Indira pikir dia satu-satunya. Tapi ternyata, dia hanya salah satunya.
Bagi Indira, Rangga adalah segalanya. Sikap lembutnya, perhatiannya, dan pengertiannya, membuat Indira luluh hingga mau melakukan apa saja untuk Rangga.
Bahkan, Indira secara diam-diam membantu perusahaan Rangga yang hampir bangkrut kembali berjaya di udara.
Tapi sayangnya, air susu dibalas dengan air tuba. Rangga diam-diam malah menikahi cinta pertamanya.
Indira sakit hati. Dia tidak menerima pengkhianatan ini. Indira akan membalasnya satu persatu. Akan dia buat Rangga menyesal. Karena Indira putri Zamora, bukan wanita biasa yang bisa dia permainkan.
Karya ini diterbitkan atas izin NovelToon Bunda SB, isi konten hanyalah pandangan pribadi pembuatnya, tidak mewakili NovelToon sendiri
Drama di Pesta
Meja VIP di pojok grand ballroom terasa seperti dunia sendiri... agak terpisah dari keramaian, dengan view yang sempurna ke stage dan juga ke seluruh ruangan.
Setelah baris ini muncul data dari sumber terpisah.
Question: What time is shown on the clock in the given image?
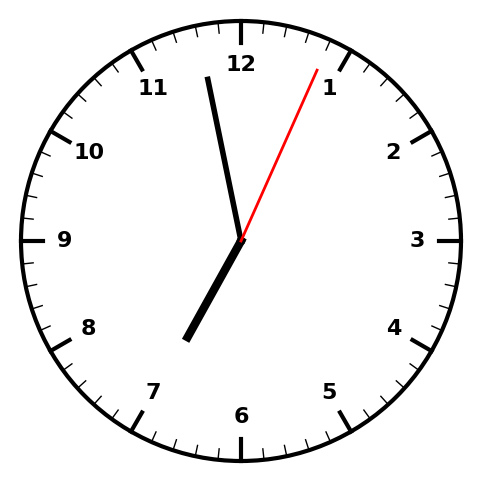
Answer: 06:58:04
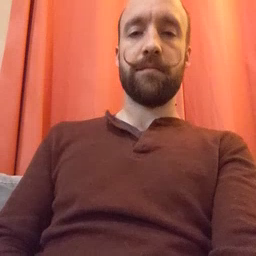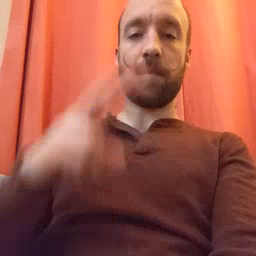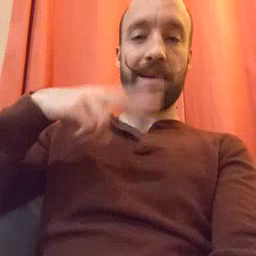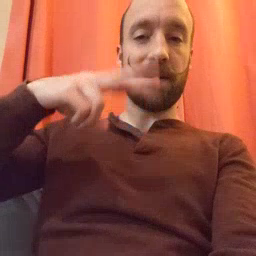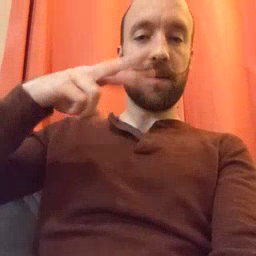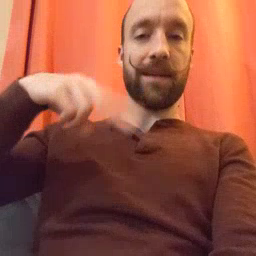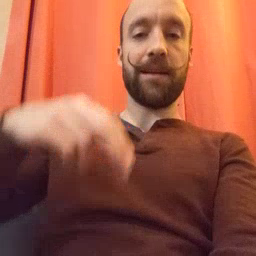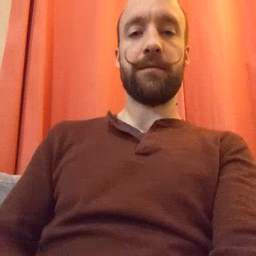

Chandelier besar tepat di atas mereka memberikan cahaya yang hangat namun tidak terlalu terang. Di meja bundar dengan taplak putih dan centerpiece bunga mawar putih yang indah, Indira dan Adrian duduk bersebelahan dengan dua kursi kosong di antara mereka karena Rani dengan sengaja memisahkan diri.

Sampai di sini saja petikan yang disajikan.